Certo è che arte e gioco sono due muse che vanno a braccetto, chiedete a un qualsiasi artista, e non solo riconosciuto come tale, ma anche al vostro vicino che intaglia il legno, o alla ricamatrice o alla fioraia …se quando hanno a che fare con la loro materia prima e le loro mani e le loro emozioni…avvertono il tempo che passa, il freddo, il caldo, la fame…no, vi diranno che non sentono proprio niente perché la soddisfazione di giocare, è più importante, e le motivazioni intrinseche sono più forti! Giocare permette al nostro cervello di esercitare la sua magnifica flessibilità, ci permette di mantenere e salvaguardare e rinnovare le connessioni neuronali…

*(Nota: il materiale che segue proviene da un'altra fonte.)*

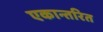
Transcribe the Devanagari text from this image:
एकान्तरित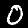
Label: 0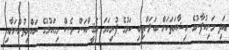
އަދި މަނިކުފާނުގެ އިޝާރަތަކަށް ބަލަންތިބި ކަމުގެ ފުރިހަމަ ޔަޤީންކަން ވެސް މިގައުމުގެ ރައްޔިތުންނަށާއި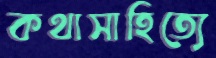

Vorrei permettermi di consigliarvi di vedere un film, mi sembra coreano, “Poetry”, la protagonista è una donna anziana la quale scopre di essere affetta da Alzheimer, ma decide comunque di andare a un corso di scrittura poetica,  ha problemi finanziari, e un nipote che sta crescendo e che commette un atto orribile… ma gioca al volano per cercare di mantenere le sue capacità propriocettive e scrive una meravigliosa poesia perché improvvisamente capisce che le cose hanno un’anima… e non posso raccontarvi proprio tutto no? Giocare è anche avere la possibilità di scoprire qualcosa di noi stessi che ignoriamo, è metterci a volte in ridicolo, o vincere, comunque è provare a liberarci, a esprimerci, a fantasticare, cooperare, è un po’ come ripristinare una connessione con noi stessi e con gli altri, ci può aiutare anche a far fronte ai pericoli, alle tensioni, al dolore o alle preoccupazioni… e chi non ne ha? Perfino la nostra salute ne trae vantaggio, sappiamo tutti quanto faccia bene rilassarci, divertirci, ridere. Tutto questo perché il gioco permette di vivere le emozioni in maniera protetta, senza rischi e questo ci consente di allentare le tensioni, quelle tensioni provocate da una vita sempre più inquadrata, competitiva e forzatamente solitaria.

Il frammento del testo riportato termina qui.